You write about sex so well and in this embodied way. It’s kind of rare. I wonder if your approach to writing [about] it is intentional or more intuitive?

I think in the earlier books, it was more of a political, intentional thing to want to have these long, thick descriptions of sex from the female point of view. I think it’s still there, that desire to slow down the sex scene and just make it go on and on and on. People are writing a lot more sex in books right now, which I appreciate quite a lot, but there’s still not enough for me. Why can’t it go on for five pages? For ten? 

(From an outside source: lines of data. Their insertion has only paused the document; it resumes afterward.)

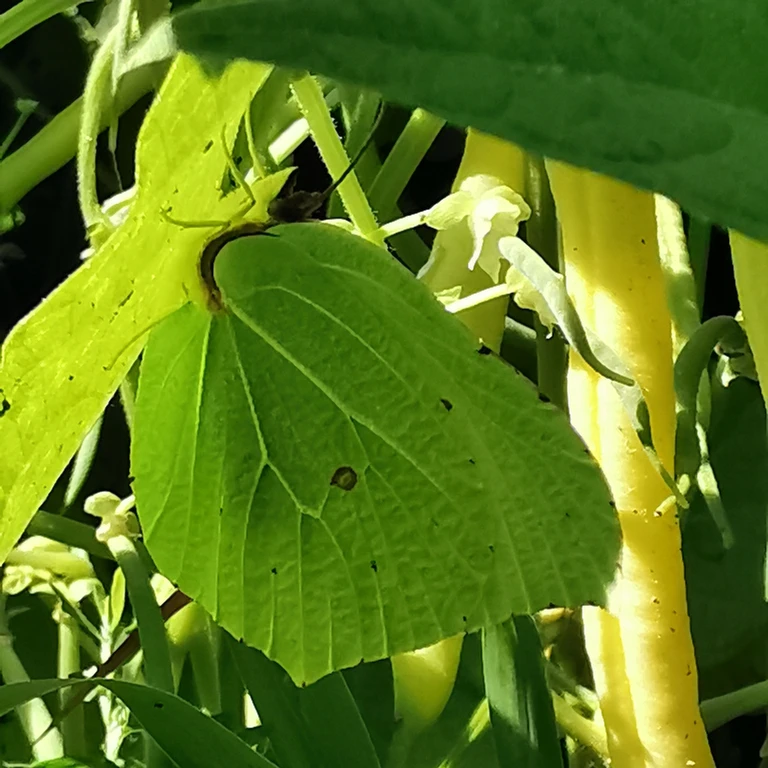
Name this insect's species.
Gonepteryx rhamni
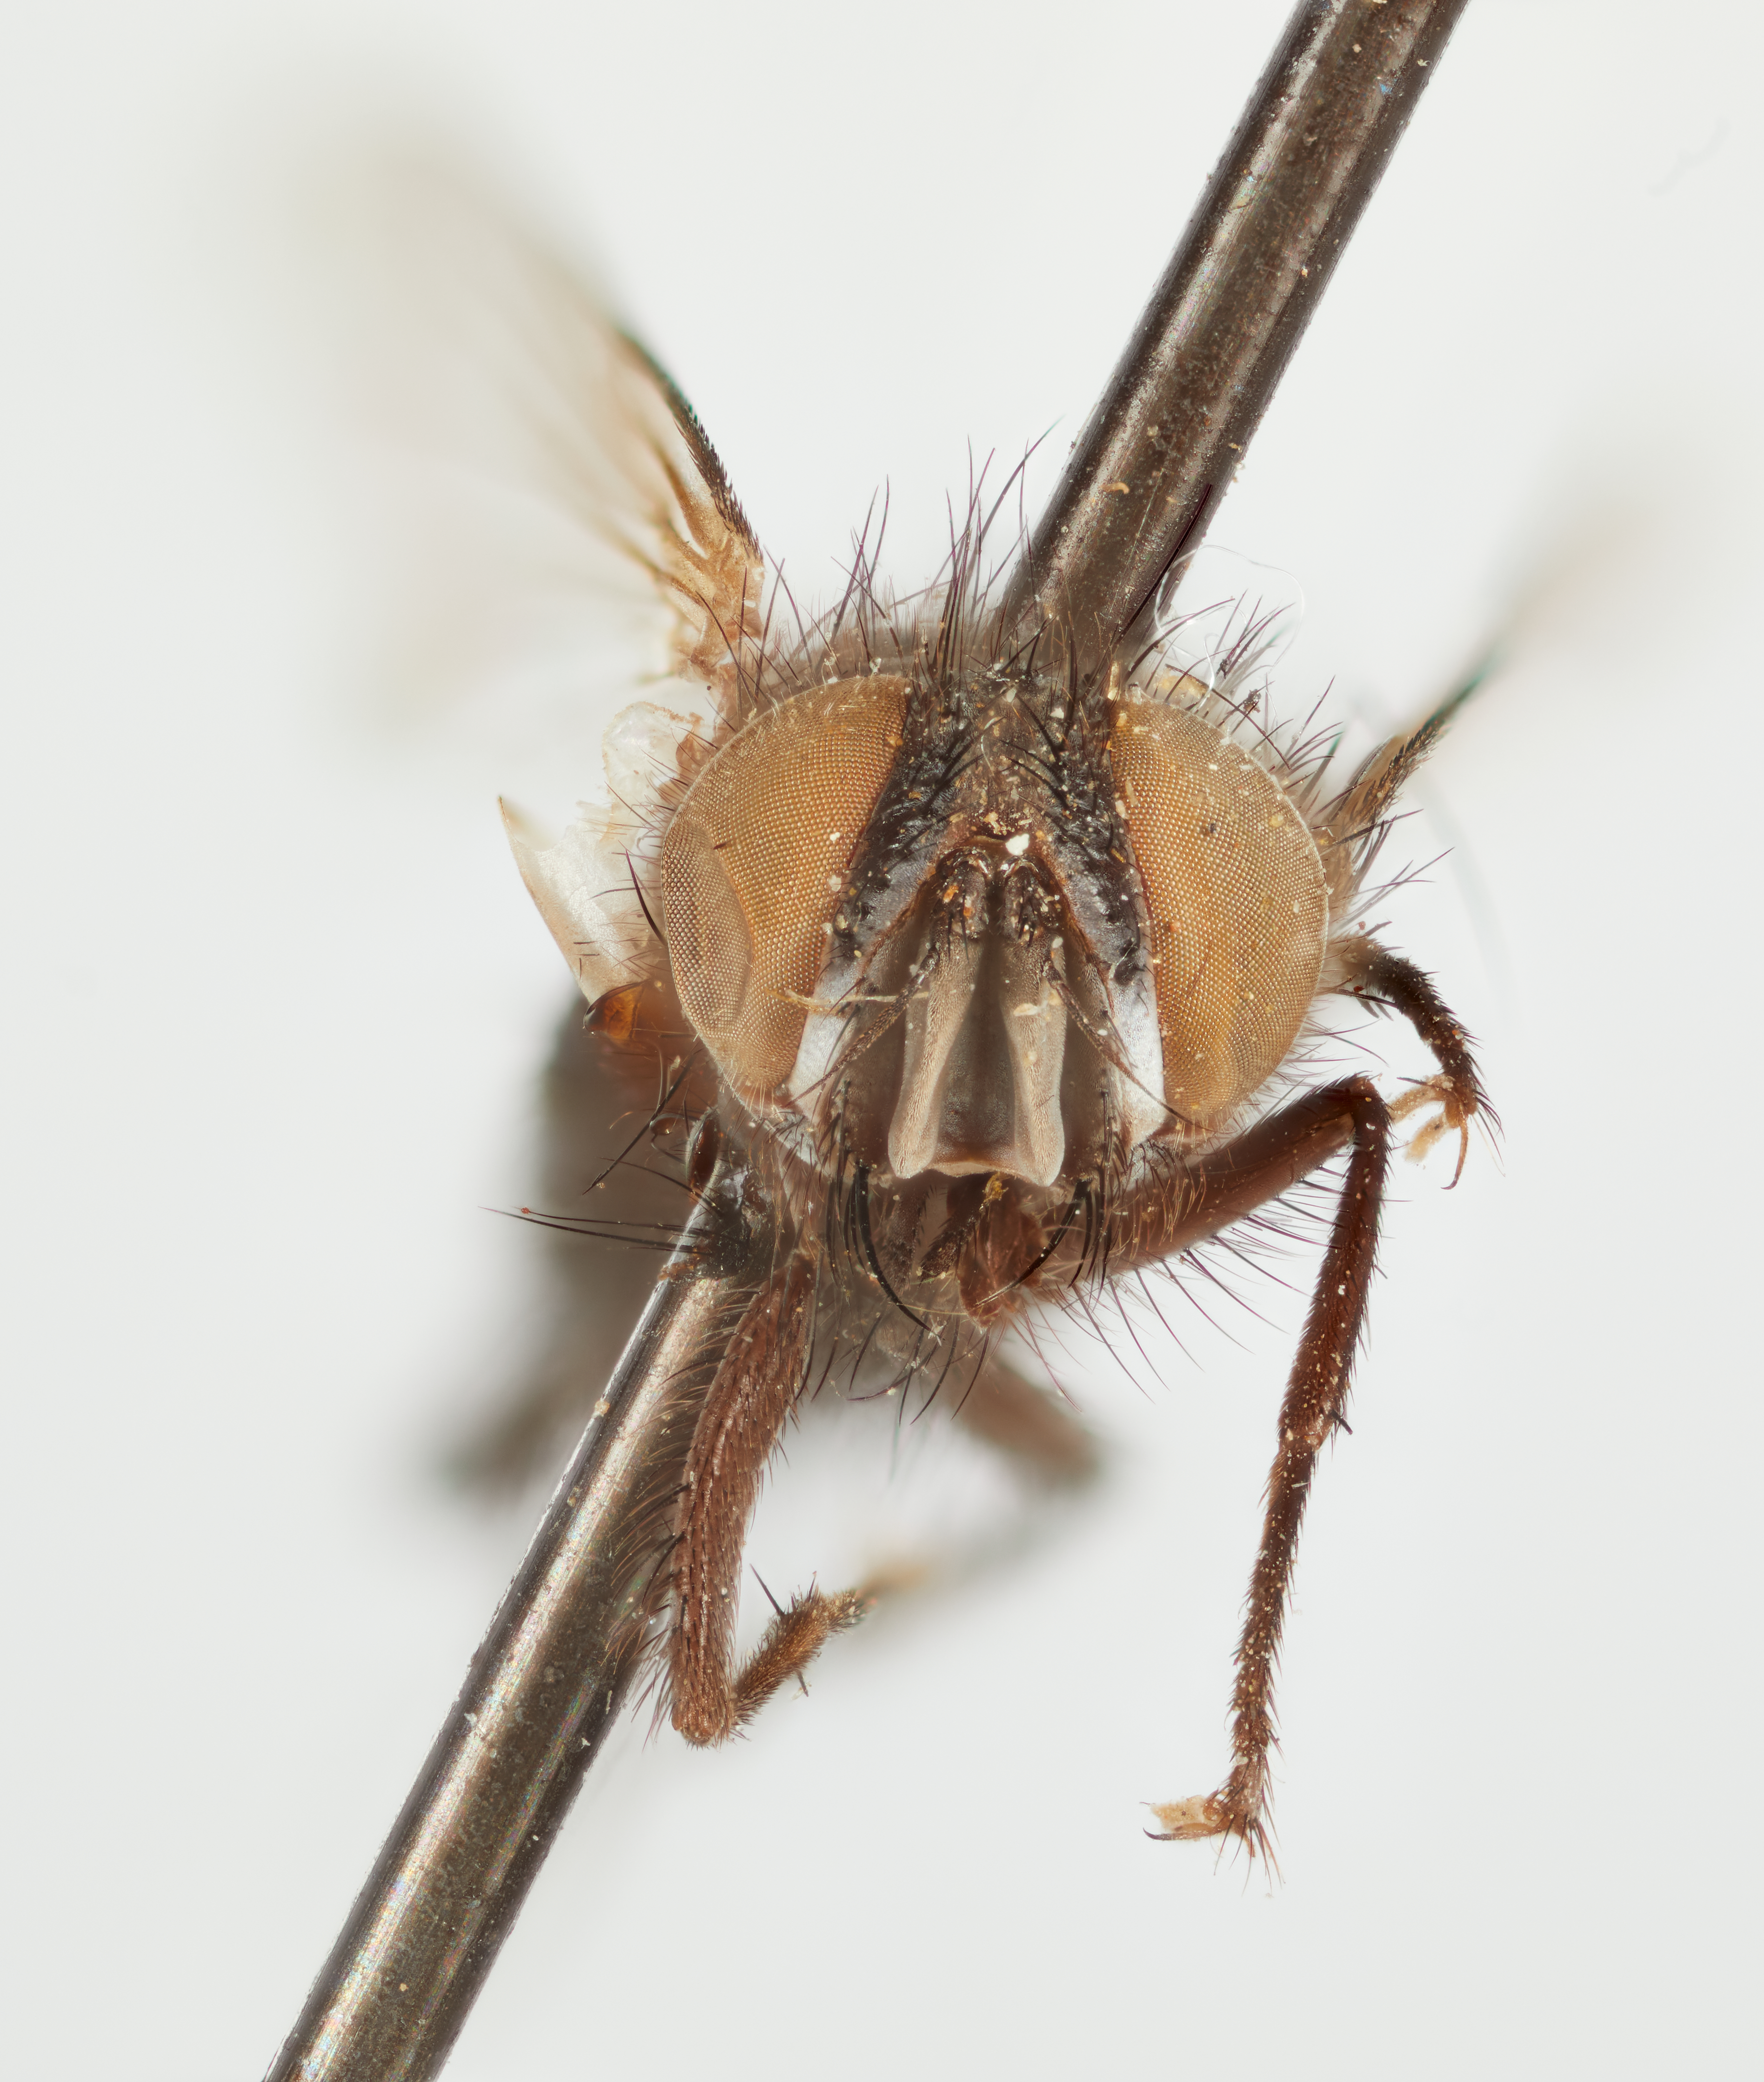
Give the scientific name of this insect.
Phorocera unipilum
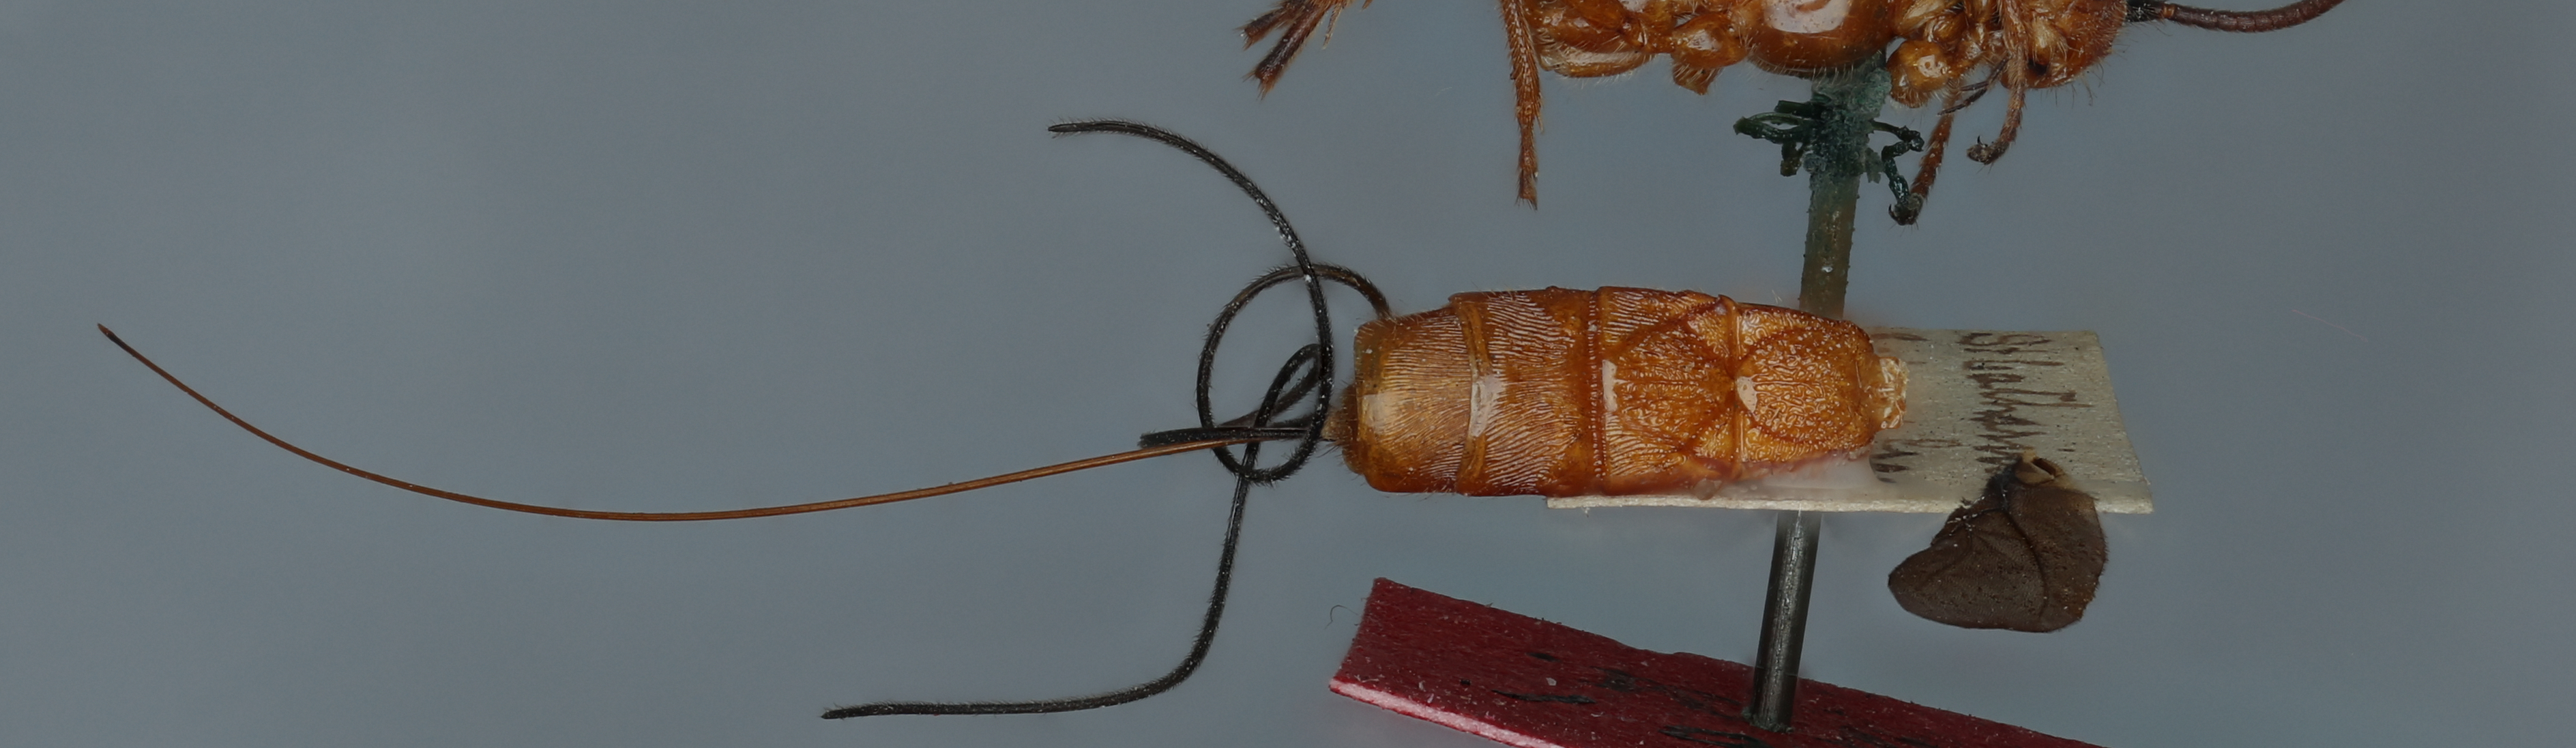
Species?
Bracon schwarzii
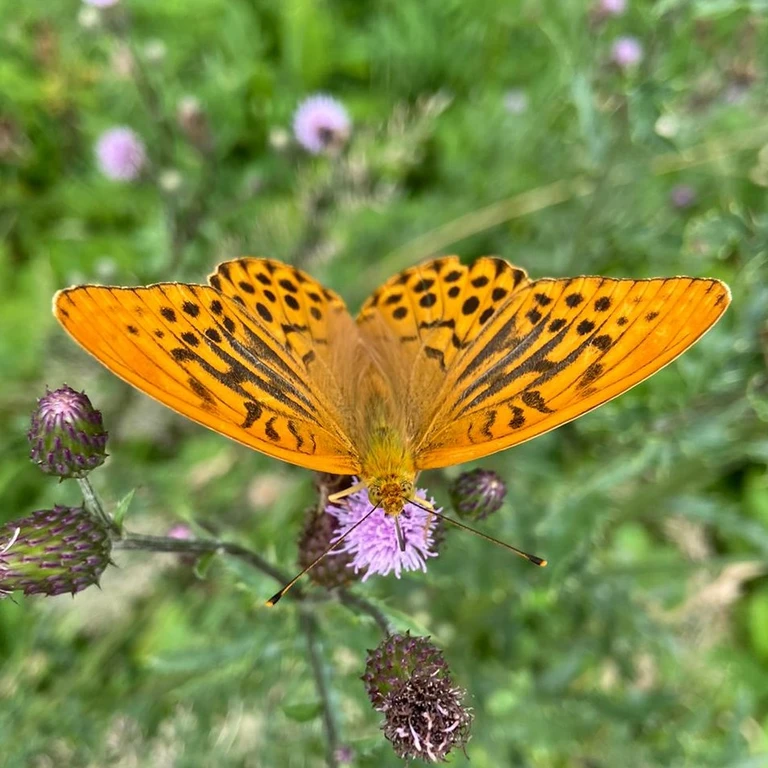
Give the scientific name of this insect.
Argynnis paphia
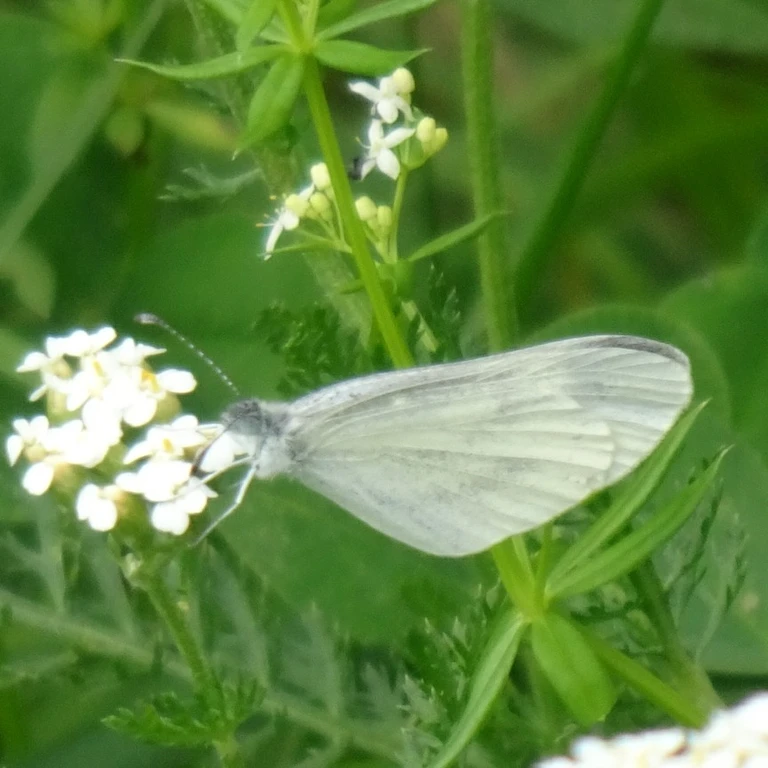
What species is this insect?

I think a lot about the scene in Yara of this lunch in Toronto with the friend’s mom. She’s been portrayed as this enlightened sexual assault survivor and then Yara meets her and is like, “oh my god, you’re a mess.” Everyone right now is so obsessed with unpacking trauma. We all have these shades of contradictions in our self-awareness. This character is so satisfying.

I’m a sponge. There’s so much that goes into my brain about trauma these days and it has to come out in some way.

I mean, I’m part of the problem. I follow the holistic therapy influencers. I read The Body Keeps The Score. I’m guilty of therapy-speak. It’s not that there’s no value in a lot of it, but it feels silly how it gets packaged into this hardened thing.

I don’t love the word cathartic, but I do think that sometimes reading sex is cathartic in a way. But it has to go on for pages and pages and pages. It can’t just be like a paragraph. It gives your mind a way to go through stuff. This sexual space that people can go into when they’re reading sex in a book or watching porn, it gives you this time to go there. It’s not about healing or self-care or even self-love. It’s this space where you can think about something, and then it’s not tormenting you.